Technical Advantages and Challenges

Fish ultrasound technology offers the following advantages:

• Non-Invasiveness: Avoids fish injury from traditional dissection, suitable for endangered species conservation.

• Real-Time Capability: Enables rapid scanning in or out of water, ideal for large-scale aquaculture operations.

• High Accuracy: Achieves over 90% accuracy in sex identification, surpassing traditional visual methods.

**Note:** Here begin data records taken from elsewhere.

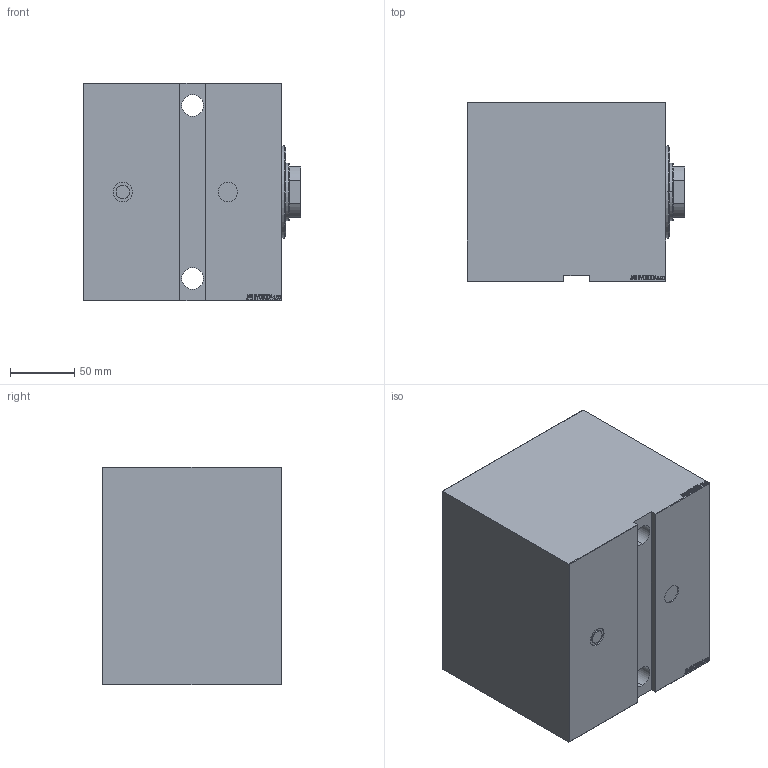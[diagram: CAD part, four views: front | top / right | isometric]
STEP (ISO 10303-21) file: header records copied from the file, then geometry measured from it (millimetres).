
FILE_DESCRIPTION (( 'STEP AP203' ), '1' );
FILE_NAME ('c50e.STEP', '2024-02-12T05:31:55', ( '' ), ( '' ), 'SwSTEP 2.0', 'SolidWorks 2019', '' );
FILE_SCHEMA (( 'CONFIG_CONTROL_DESIGN' ));
Length unit declared in the file: millimetre
Products named in the file (4): V450CM_E_VCP 0843dfd73cf5c25402263d8fd51e646b; c50e; V450CM_VC_B 0843dfd73cf5c25402263d8fd51e646b; V450CM_E_Body 0843dfd73cf5c25402263d8fd51e646b
Assembly tree (3 placements, depth 2):
  c50e
    V450CM_E_Body 0843dfd73cf5c25402263d8fd51e646b
    V450CM_E_VCP 0843dfd73cf5c25402263d8fd51e646b
    V450CM_VC_B 0843dfd73cf5c25402263d8fd51e646b
Bounding box: 170 x 140 x 170 mm (x, y, z)
Volume: 3291024.4 mm3; surface area: 284600.7 mm2
Topology: 3 solids, 3 shells, 839 faces, 2160 edges, 1433 vertices
Faces by surface type: plane 407, bspline 380, cylinder 38, cone 14
Entity records: 42618 total; most frequent: CARTESIAN_POINT 24296, ORIENTED_EDGE 4316, DIRECTION 2412, EDGE_CURVE 2158, VERTEX_POINT 1433, LINE 1298, VECTOR 1298, EDGE_LOOP 953

However, challenges remain:

• Fish Size Limitation: Imaging testes in small fish (<200 g) is difficult, requiring higher-frequency probes and more sensitive equipment.

• Equipment Cost: High-end ultrasound machines and color Doppler systems are expensive, limiting adoption by small-scale farmers.

• Operator Expertise: Image interpretation relies on experience, necessitating automated analysis tools to reduce skill barriers.

Future Directions

To further promote fish ultrasound technology in aquaculture, the following steps are recommended:

1. Enhance Imaging Resolution: Develop ultra-high-frequency probes to improve testes imaging in small fish.

2. Reduce Equipment Costs: Create affordable, portable ultrasound devices to reach small and medium-scale farmers.

3. Standardization and Automation: Establish standardized image analysis protocols and integrate AI and machine learning to reduce reliance on operator expertise.

4. International Collaboration: Strengthen cooperation among China, Norway, Japan, the U.S., and others to share data and technologies, advancing sustainable global aquaculture.

Fish ultrasound technology, with its non-invasiveness, real-time capability, and high accuracy, is an ideal tool for sex identification and gonad maturity assessment. Continuous research by major fish-farming countries has driven technological advancements, particularly in endangered species conservation and commercial aquaculture optimization. Through future innovations in resolution, cost reduction, and automation, ultrasound technology is poised for broader adoption in global aquaculture, supporting sustainability and economic benefits.